(Excerpted data)

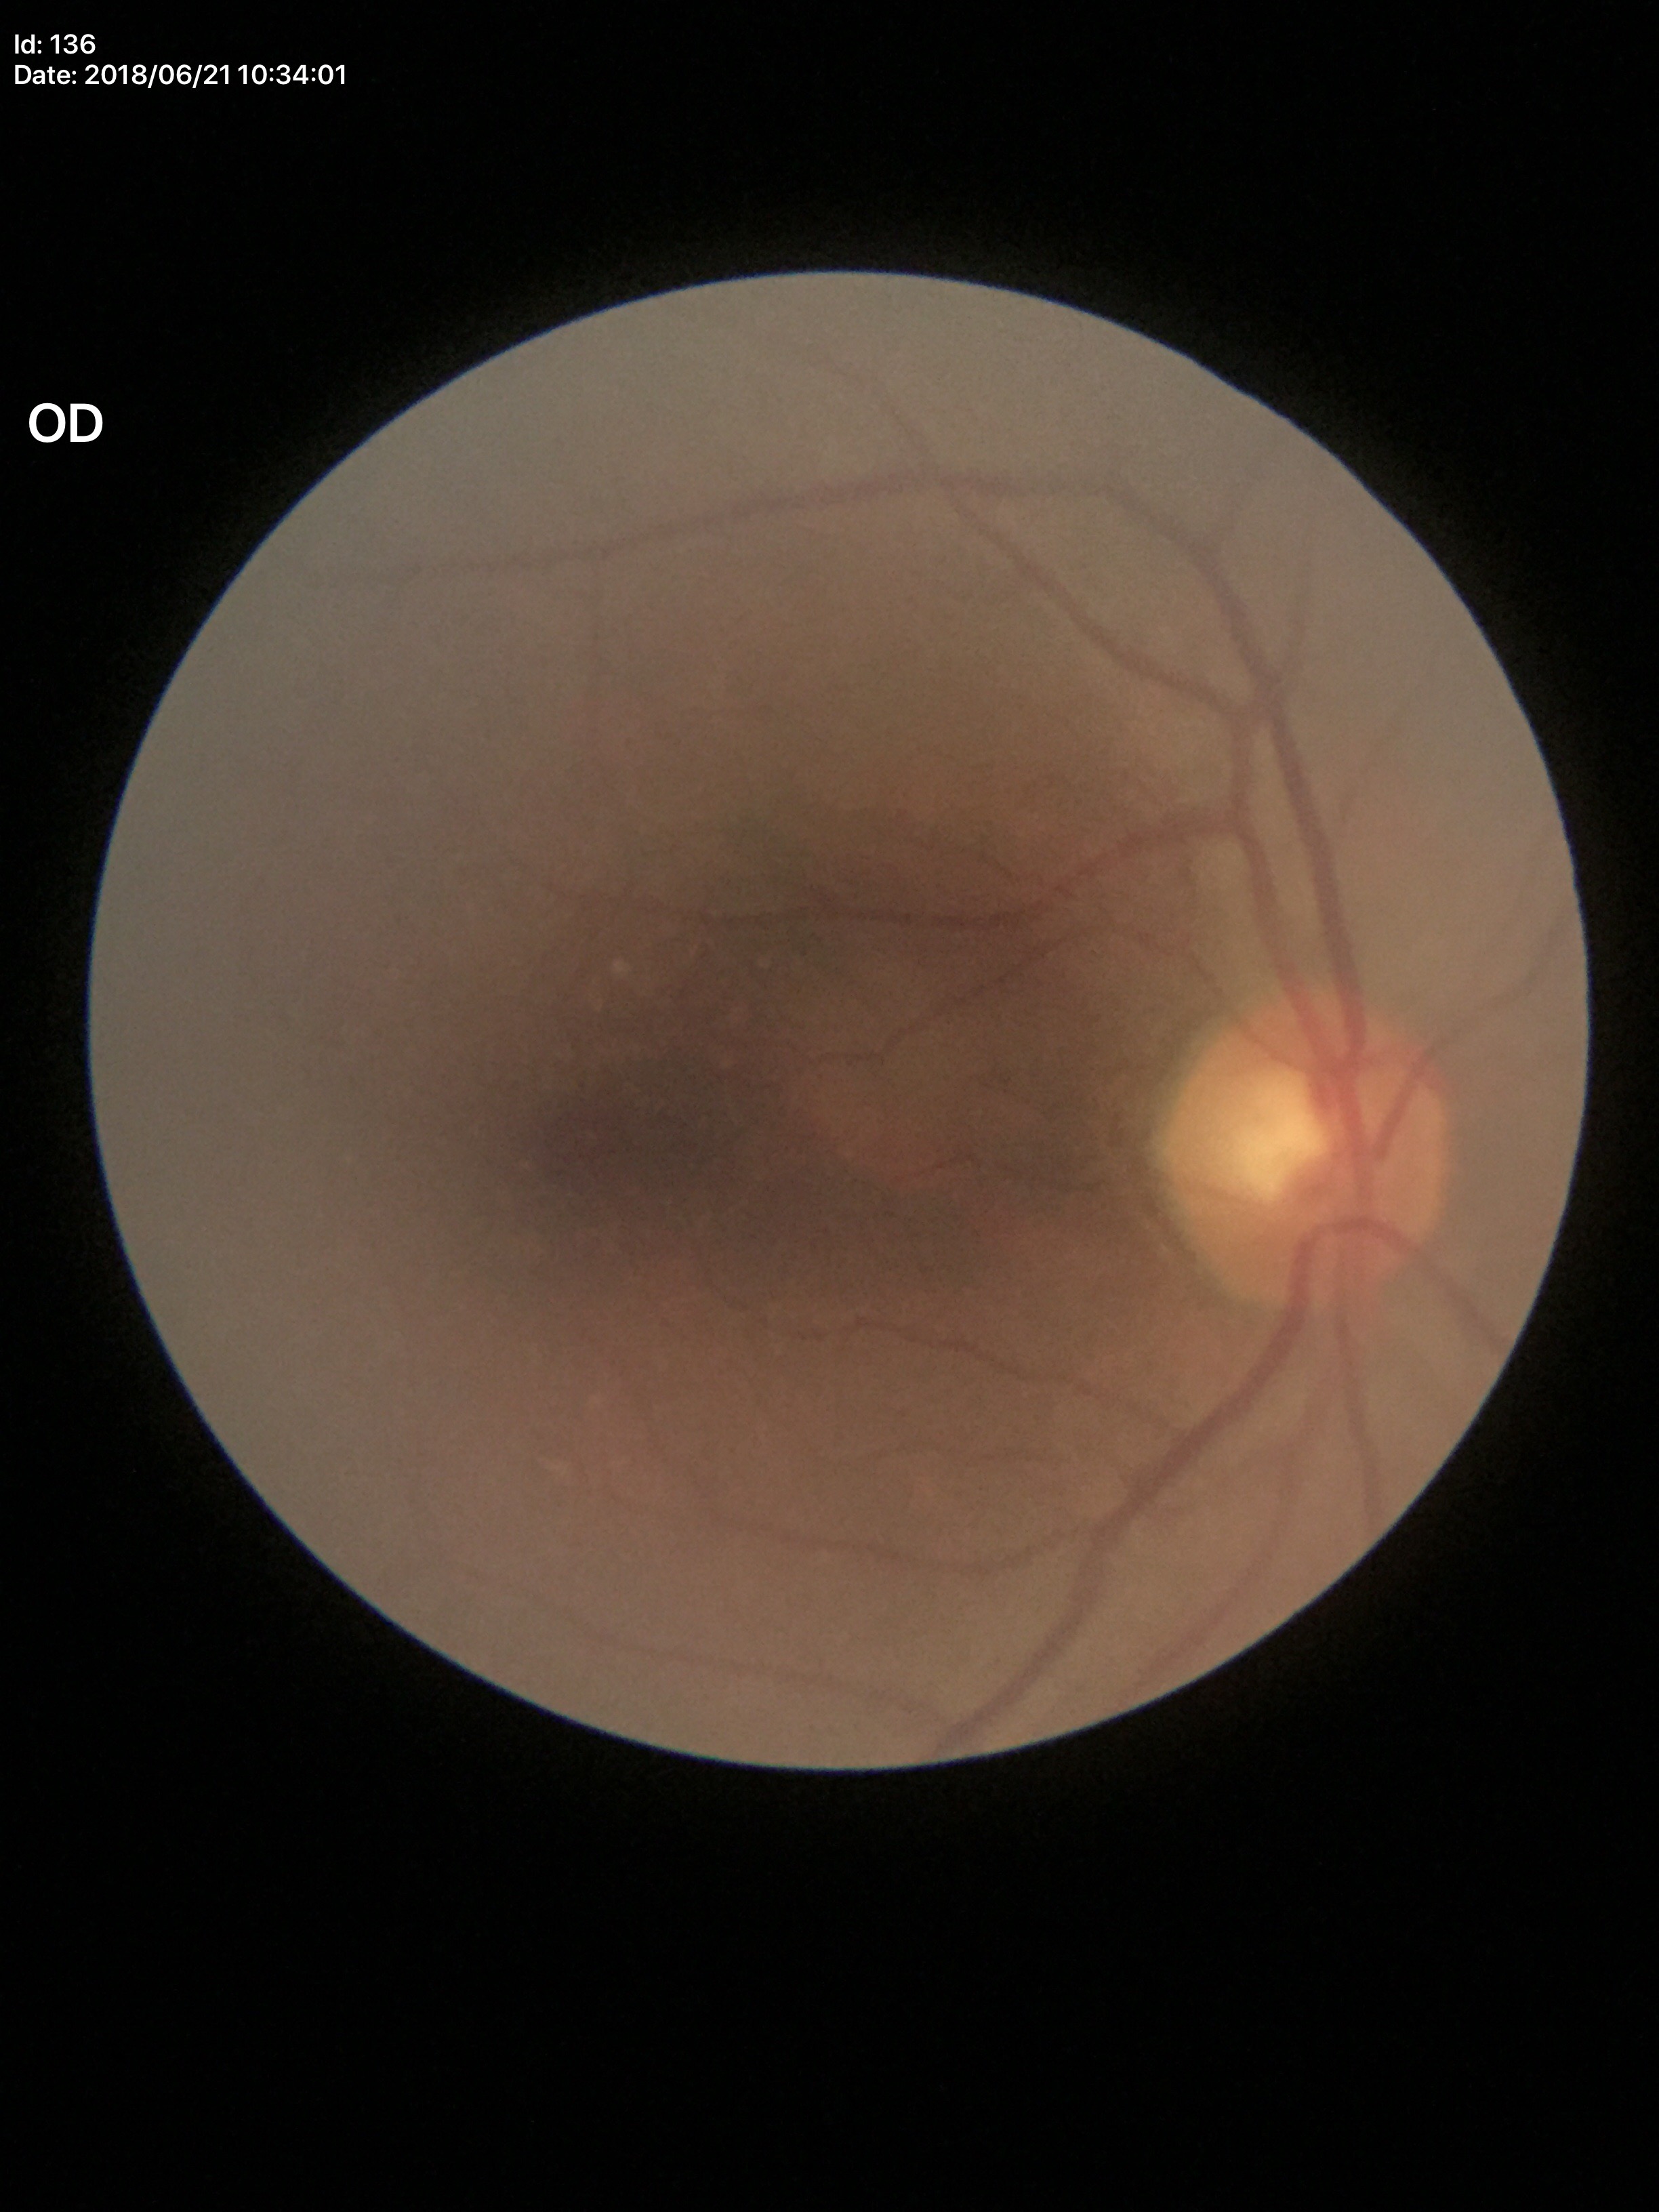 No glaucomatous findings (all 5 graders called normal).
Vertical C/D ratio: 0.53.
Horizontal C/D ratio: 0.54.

...

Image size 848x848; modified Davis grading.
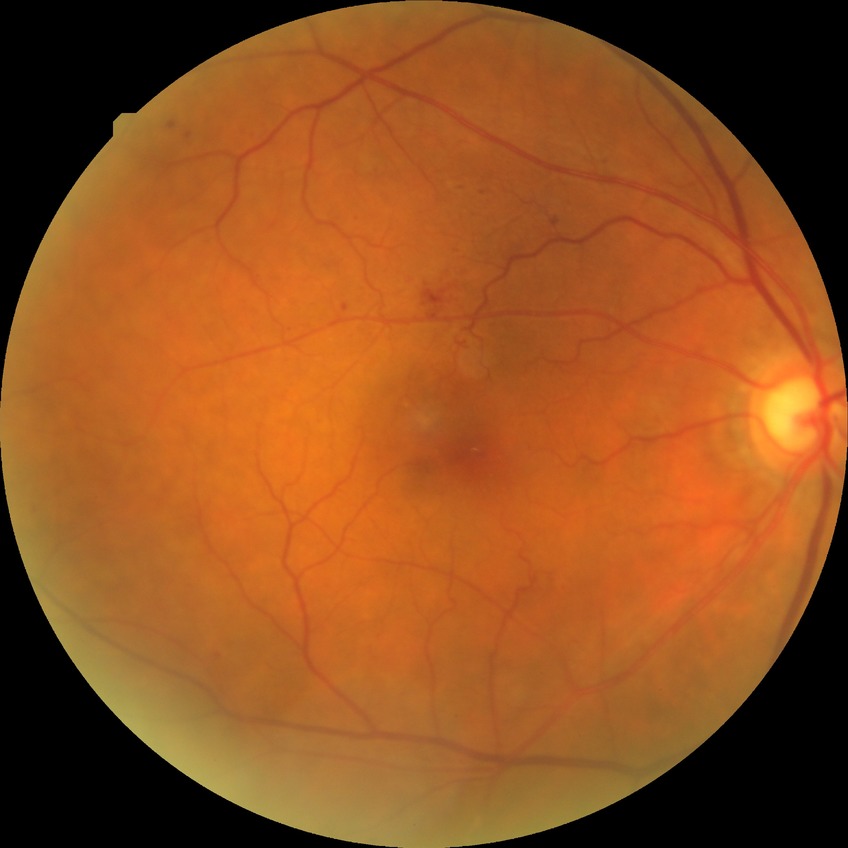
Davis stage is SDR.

(What is needed)
Go through the data above and return each line containing the string "ratio".

(Exercise output)
Vertical C/D ratio: 0.53.
Horizontal C/D ratio: 0.54.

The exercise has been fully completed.